You could also try this kind of clustering with the words of the manuscript instead of the letters. When you do so, you get two clusters: the words in the "herbal", "astrological", and "pharmacological" sections predominantly fall into one cluster, and the words in the "biological" and "cosmological" sections predominantly fall into another. [To me, this suggests that the manuscript probably had at least two authors.]

Voynich "B" is the "biological" + "astrological" sections. You can then try to divide the words in this section into more classes. If you do this for English, you get a cluster with words like "my, a, an, the,..."; another with "and, but, next,...", another with "had, asked, could, have, are, is, would,...", another with "for, at, in, no, that, be, but,..." etc. If you do this for Voynich you also get clusters but the meaning is less clear.


My guess is that the manuscript is some form of hoax, but I'd be delighted to be proved wrong.

8 comments:

Anonymous said...

How did he pick the number of clusters? Did he compare his results on English text to other languages to get some sense of the variance in the number of phoneme and/or word-type clusters that natural languages have? I doubt Japanese would give any nice phoneme clusters, for instance.

If he didn't do that, it's hard to see those results as anything more than fishing expeditions.

Joshua said...

I've always been very skeptical of the hoax hypothesis. It simply looks like too much work went into the document for it to be a hoax.

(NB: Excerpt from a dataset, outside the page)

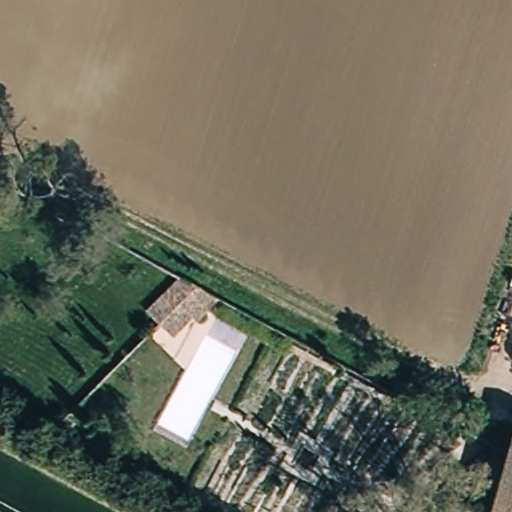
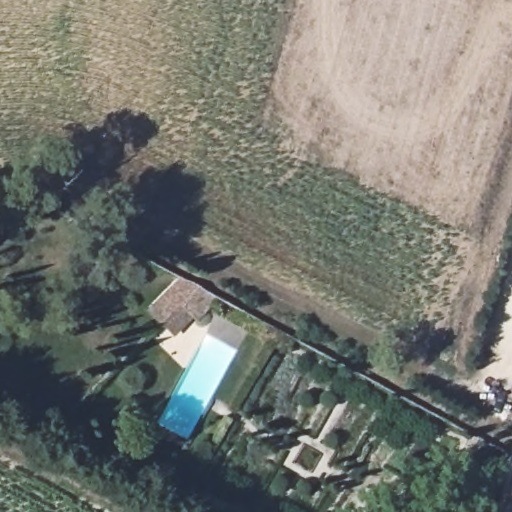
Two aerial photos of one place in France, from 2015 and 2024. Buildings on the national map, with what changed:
unchanged [(151,263),(194,289),(215,303),(190,325),(170,340),(156,325),(178,305),(141,285),(151,263)]
unchanged [(486,508),(492,508),(512,445),(512,512),(479,512),(481,510),(486,508)]

My favorite (and the silliest) explanation is that it is an encrypted text of the Necronomicon. When I was an undergrad at Yale, I used to use this as an excuse to brag that I went to a university that had a copy of the Necronomicon. On a related note, I've met people who've only heard of the Voynich Manuscript in the Lovecraft context and didn't realize that the Voynich Manuscript was a real document.

Ringo said...

"I've always been very skeptical of the hoax hypothesis. It simply looks like too much work went into the document for it to be a hoax."

You'd be surprised.

Has the manuscript been carbon dated? Getting a definitive age might rule out some possibilities.

Joshua said...

Ringo, well a related issue is that the letter clustering is not pseudorandom in the way one would expect for a hoax. Humans are very bad at making up data that looks random. For example, if you ask someone to flip a coin a hundred times or instead to make up a hundred coin flips, it isn't hard looking at the resulting data to tell which they did. But the Voynich Manuscript doesn't seem to have the standard problems of non-random human made text. So the symbol generation was likely a fairly sophisticated process. That means that if it is a hoax, someone was going out of their way to deal with a sort of issue that was likely not known at the time it was made and certainly was not widely known.

Anonymous said...

There is always the possibility that someone came up with a flawed cryptographic system. I'm thinking of a "one way" system, or a "many to one" system, which can generate output, but which cannot be reversed to recover unambiguous source. I can imagine a single-minded person spending much effort on this.

TomS

Takis Konstantopoulos said...

At first sight, this looks similar to the Byzantine "mikrogrammati grafi", i.e. minuscule font (which is hard to read: for example, both $\mu$ and $\nu$ are written as $\mu$); see, e.g., a page from the earliest surviving copy of Euclid's Elements. But a closer look shows that this script is fully unreadable.

Alex said...

"When you do so, you get two clusters: the words in the "herbal", "astrological", and "pharmacological" sections predominantly fall into one cluster, and the words in the "biological" and "cosmological" sections predominantly fall into another. [To me, this suggests that the manuscript probably had at least two authors.] "

Could one also argue for the single-author theory just as easily?

Anonymous said...

I just saw a brief programme about this manuscript and I find it is just so bizare and interesting. I trully hope someone can crack it, if there is any meaning to it! and yes, it has been carbon dated now. 500 years old!